The 2011 Jeep Wrangler Unlimited Review: Through the years, I've been tough on the Jeep Wrangler because it's one of the noisiest, roughest riding, crudest vehicles you can buy. That's not entirely fair, because the Wrangler isn't designed to be quiet, smooth and refined. No, the Wrangler is designed for one thing, traveling off-road where no other vehicles can go, which, in automotive terms, puts it on another planet.
It can't be compared with traditional road cars because it's not one; it's a tool to do a job, like something you'd pick up on Home Depot's "travel the Serengeti" aisle.
I wanted to get a sense for the Wrangler in its natural habitat, so I took it to a friend's horse pasture for a romp through the grass this week. While that's not much of a challenge for the Jeep, it's engineered for much tougher environments than ruts in a field, it still totally changed my perspective about this car.
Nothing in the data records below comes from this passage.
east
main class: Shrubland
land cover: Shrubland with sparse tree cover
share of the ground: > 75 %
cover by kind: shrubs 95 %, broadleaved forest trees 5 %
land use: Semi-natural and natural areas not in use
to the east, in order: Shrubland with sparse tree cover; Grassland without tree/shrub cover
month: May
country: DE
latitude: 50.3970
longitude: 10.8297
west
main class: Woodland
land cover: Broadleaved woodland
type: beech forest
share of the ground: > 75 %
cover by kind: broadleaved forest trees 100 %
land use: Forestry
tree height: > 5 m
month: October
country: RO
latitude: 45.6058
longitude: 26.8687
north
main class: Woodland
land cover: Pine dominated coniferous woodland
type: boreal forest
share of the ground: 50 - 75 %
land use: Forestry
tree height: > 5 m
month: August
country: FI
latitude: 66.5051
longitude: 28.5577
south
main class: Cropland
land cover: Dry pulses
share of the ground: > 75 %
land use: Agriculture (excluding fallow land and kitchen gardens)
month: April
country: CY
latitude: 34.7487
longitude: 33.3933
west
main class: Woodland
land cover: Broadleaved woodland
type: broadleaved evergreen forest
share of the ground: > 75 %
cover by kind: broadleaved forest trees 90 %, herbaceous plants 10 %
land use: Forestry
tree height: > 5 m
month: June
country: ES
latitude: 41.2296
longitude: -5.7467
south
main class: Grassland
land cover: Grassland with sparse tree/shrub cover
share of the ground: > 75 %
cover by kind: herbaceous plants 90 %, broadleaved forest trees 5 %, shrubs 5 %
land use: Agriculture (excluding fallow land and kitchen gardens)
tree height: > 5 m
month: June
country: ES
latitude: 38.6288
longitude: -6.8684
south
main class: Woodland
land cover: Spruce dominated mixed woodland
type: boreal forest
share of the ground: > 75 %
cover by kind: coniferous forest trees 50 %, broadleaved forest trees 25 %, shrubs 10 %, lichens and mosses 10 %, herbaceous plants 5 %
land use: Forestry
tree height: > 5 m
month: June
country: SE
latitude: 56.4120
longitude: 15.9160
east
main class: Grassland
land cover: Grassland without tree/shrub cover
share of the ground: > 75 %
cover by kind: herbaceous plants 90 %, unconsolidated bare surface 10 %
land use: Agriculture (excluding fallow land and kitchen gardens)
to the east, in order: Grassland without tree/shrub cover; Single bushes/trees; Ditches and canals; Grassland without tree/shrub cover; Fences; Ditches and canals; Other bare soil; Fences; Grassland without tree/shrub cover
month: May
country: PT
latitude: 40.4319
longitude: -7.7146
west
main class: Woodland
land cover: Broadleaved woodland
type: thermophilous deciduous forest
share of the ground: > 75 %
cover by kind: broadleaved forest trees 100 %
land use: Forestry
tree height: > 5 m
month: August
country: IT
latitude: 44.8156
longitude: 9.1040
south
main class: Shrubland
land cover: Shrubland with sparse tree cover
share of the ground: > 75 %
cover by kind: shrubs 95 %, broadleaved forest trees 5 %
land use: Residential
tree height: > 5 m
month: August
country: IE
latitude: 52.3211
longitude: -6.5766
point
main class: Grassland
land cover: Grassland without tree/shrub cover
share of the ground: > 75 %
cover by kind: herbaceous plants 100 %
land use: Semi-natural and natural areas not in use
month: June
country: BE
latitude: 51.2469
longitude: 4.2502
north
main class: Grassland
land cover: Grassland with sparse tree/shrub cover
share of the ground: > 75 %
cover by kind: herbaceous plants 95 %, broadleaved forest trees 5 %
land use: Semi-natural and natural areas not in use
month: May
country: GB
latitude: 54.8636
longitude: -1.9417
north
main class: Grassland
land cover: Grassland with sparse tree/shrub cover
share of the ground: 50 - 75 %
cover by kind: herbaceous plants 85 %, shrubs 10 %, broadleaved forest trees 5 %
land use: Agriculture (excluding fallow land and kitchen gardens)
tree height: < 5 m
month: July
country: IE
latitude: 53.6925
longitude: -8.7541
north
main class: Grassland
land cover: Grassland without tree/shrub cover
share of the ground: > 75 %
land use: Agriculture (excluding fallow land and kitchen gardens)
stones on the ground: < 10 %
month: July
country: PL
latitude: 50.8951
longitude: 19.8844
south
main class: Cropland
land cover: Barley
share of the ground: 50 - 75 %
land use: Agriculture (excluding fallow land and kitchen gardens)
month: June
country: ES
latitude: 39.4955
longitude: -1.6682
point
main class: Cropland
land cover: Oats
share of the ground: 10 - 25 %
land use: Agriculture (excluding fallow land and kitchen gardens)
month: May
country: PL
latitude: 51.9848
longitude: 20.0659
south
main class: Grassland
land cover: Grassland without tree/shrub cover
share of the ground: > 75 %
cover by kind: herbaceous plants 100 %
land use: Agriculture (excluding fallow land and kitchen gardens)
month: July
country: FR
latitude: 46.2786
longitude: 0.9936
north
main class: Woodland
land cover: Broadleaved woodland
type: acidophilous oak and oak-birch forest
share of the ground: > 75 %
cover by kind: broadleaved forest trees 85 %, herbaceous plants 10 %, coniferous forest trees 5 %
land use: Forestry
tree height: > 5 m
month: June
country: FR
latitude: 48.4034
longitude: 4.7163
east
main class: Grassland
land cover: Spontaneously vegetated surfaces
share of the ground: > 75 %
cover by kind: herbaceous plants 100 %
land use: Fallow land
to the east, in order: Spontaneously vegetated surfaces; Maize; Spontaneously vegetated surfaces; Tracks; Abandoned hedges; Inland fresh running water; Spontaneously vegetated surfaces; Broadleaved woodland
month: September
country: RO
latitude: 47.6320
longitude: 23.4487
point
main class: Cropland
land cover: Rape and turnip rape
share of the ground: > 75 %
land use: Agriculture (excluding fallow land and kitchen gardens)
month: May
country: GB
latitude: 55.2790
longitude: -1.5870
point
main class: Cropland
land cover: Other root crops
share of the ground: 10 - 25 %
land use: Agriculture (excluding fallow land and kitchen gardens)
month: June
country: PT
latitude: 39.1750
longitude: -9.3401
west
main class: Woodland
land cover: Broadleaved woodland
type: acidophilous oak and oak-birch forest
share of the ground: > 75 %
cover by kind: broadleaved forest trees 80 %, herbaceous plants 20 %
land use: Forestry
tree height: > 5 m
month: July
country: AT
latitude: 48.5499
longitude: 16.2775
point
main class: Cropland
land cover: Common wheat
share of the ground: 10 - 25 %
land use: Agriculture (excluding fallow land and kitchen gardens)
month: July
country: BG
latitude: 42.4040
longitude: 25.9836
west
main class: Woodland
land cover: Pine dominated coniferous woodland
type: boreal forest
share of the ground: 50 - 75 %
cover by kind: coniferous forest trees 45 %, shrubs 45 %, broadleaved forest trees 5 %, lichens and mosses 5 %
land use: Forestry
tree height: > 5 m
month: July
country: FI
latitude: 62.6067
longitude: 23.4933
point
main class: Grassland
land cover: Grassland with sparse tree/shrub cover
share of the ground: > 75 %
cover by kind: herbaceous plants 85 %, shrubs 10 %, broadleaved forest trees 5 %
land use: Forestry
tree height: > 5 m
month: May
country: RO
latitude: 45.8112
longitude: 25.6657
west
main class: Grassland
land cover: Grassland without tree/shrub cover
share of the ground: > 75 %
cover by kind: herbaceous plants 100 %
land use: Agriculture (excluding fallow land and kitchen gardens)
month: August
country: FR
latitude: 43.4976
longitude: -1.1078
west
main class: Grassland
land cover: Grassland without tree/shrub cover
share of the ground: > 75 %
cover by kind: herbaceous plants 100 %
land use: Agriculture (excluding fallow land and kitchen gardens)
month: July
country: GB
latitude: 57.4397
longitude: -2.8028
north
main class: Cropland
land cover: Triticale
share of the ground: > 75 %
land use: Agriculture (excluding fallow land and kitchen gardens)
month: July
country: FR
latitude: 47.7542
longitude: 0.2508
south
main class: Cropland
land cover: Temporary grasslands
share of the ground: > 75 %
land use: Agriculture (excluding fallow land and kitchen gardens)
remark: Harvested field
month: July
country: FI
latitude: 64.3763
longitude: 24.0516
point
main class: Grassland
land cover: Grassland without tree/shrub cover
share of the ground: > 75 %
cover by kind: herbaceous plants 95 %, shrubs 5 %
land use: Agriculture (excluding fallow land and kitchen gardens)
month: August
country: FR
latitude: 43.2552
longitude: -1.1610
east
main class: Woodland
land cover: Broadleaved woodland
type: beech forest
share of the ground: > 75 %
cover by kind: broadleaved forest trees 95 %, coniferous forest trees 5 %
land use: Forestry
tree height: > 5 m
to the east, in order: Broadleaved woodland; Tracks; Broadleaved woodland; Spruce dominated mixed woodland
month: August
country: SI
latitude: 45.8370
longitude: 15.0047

The cool thing about the Wrangler is that it can take you wherever you want to go. Just point it in the right direction, give it some gas, and it climbs over anything in its path.
It also does so remarkably smoothly. It crawls over logs like they're toothpicks and stays amazingly composed over rough terrain, soaking up big ruts in the field like luxury cars absorb bumps on the highway. You can drive on terrain that would kill ordinary cars, but the Wrangler smiles and says, "More, please."
Then, as you leave your adventure and drive back through civilization, you think "this thing is smooth as glass" as you accelerate to 70 mph on the Interstate. It's remarkable that it can do both jobs so well.
For people who want their Wranglers more refined, Jeep has finally updated the cabin, with a more modern layout and more sound deadening materials to keep it quiet.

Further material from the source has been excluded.